┌──

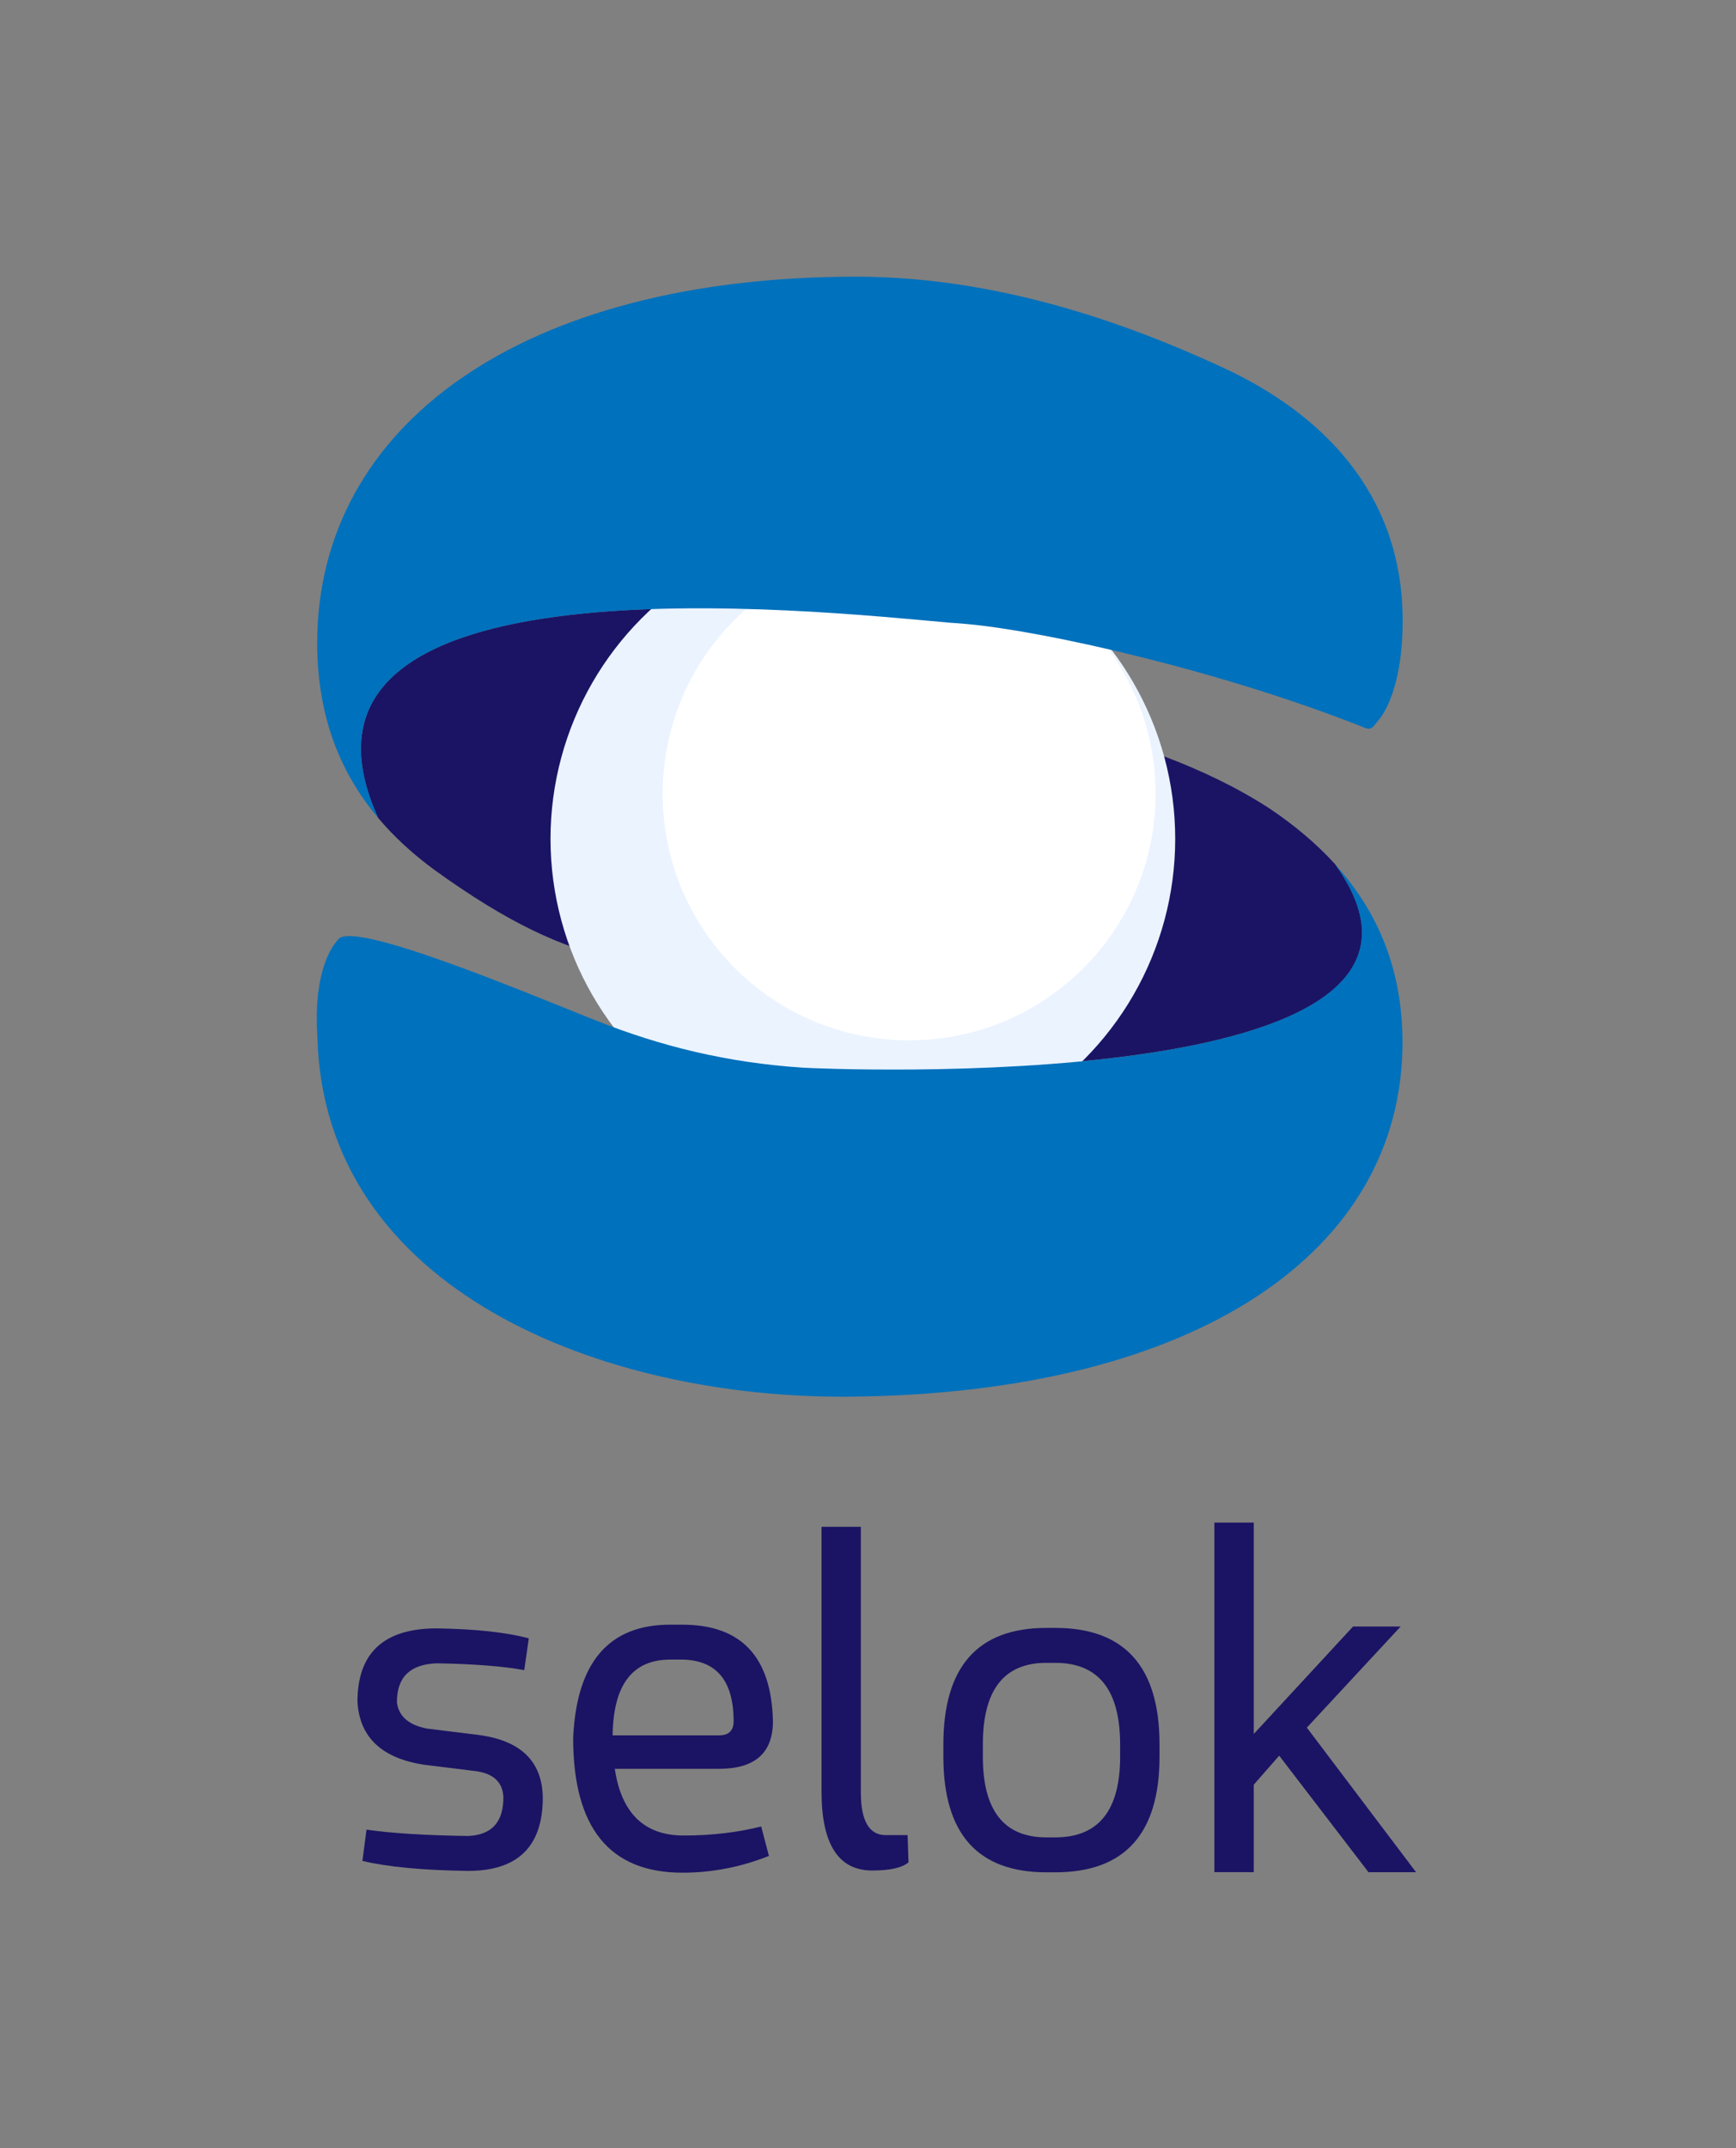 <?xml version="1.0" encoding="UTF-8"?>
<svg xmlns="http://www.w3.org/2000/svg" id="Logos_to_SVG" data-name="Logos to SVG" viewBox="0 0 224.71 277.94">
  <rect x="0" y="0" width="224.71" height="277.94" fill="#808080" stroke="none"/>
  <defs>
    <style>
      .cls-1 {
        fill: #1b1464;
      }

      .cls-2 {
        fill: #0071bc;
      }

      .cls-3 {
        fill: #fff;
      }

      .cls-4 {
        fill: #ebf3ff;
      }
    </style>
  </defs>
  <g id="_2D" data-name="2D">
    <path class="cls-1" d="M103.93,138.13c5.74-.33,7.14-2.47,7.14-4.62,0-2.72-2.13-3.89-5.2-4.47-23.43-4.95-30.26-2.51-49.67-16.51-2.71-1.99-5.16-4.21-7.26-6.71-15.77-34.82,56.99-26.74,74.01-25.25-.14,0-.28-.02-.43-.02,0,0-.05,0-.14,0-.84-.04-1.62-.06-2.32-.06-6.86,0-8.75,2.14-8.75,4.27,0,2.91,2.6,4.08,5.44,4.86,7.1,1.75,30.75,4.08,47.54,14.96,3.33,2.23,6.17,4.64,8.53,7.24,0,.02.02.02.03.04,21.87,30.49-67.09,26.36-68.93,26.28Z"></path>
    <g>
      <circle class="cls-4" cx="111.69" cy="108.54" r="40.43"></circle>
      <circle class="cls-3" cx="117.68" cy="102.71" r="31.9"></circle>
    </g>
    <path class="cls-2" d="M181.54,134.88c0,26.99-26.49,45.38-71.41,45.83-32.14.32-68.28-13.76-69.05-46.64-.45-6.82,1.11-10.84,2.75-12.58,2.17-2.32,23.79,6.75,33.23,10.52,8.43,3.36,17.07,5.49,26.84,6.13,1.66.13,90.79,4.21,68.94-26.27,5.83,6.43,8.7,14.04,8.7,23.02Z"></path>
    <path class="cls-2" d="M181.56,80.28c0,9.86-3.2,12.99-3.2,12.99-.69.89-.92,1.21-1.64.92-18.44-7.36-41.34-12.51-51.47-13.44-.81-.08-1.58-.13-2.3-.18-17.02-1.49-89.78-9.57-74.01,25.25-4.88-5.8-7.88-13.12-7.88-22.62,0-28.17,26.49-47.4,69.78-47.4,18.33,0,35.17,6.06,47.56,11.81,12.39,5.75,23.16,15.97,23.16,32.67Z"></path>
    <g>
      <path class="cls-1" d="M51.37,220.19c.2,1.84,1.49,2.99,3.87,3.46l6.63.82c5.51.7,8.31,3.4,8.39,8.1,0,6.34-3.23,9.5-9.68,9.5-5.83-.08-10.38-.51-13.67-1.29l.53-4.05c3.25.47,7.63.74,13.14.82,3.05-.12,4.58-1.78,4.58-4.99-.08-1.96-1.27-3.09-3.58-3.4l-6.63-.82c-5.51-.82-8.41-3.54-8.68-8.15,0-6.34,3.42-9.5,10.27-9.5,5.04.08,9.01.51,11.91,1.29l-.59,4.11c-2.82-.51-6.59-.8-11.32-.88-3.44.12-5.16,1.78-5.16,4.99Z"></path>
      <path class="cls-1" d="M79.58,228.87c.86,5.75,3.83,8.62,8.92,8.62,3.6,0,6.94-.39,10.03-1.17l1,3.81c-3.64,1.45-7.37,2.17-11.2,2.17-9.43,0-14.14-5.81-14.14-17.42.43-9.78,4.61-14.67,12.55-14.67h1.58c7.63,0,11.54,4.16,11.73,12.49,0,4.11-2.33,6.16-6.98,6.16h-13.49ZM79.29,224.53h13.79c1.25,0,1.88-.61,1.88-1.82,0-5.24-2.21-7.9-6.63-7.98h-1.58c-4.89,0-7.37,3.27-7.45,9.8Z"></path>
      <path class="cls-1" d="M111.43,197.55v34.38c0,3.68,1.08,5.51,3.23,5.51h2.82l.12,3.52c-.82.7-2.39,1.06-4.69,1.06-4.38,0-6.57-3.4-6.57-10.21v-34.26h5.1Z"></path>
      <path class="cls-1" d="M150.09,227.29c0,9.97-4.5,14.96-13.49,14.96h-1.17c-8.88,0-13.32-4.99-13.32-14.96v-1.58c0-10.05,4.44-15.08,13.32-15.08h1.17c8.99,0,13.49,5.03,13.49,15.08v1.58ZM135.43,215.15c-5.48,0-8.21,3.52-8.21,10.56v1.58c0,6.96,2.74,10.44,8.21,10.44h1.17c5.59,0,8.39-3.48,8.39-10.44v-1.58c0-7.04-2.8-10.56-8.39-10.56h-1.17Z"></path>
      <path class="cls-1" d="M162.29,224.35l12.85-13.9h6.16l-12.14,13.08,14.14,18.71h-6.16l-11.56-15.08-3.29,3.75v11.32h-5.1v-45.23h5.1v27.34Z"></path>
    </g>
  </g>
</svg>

└──

Work order » Search the entries for the word "fill" and gather every line where it appears.

Answer to this problem »
  <rect x="0" y="0" width="224.71" height="277.94" fill="#808080" stroke="none"/>
        fill: #1b1464;
        fill: #0071bc;
        fill: #fff;
        fill: #ebf3ff;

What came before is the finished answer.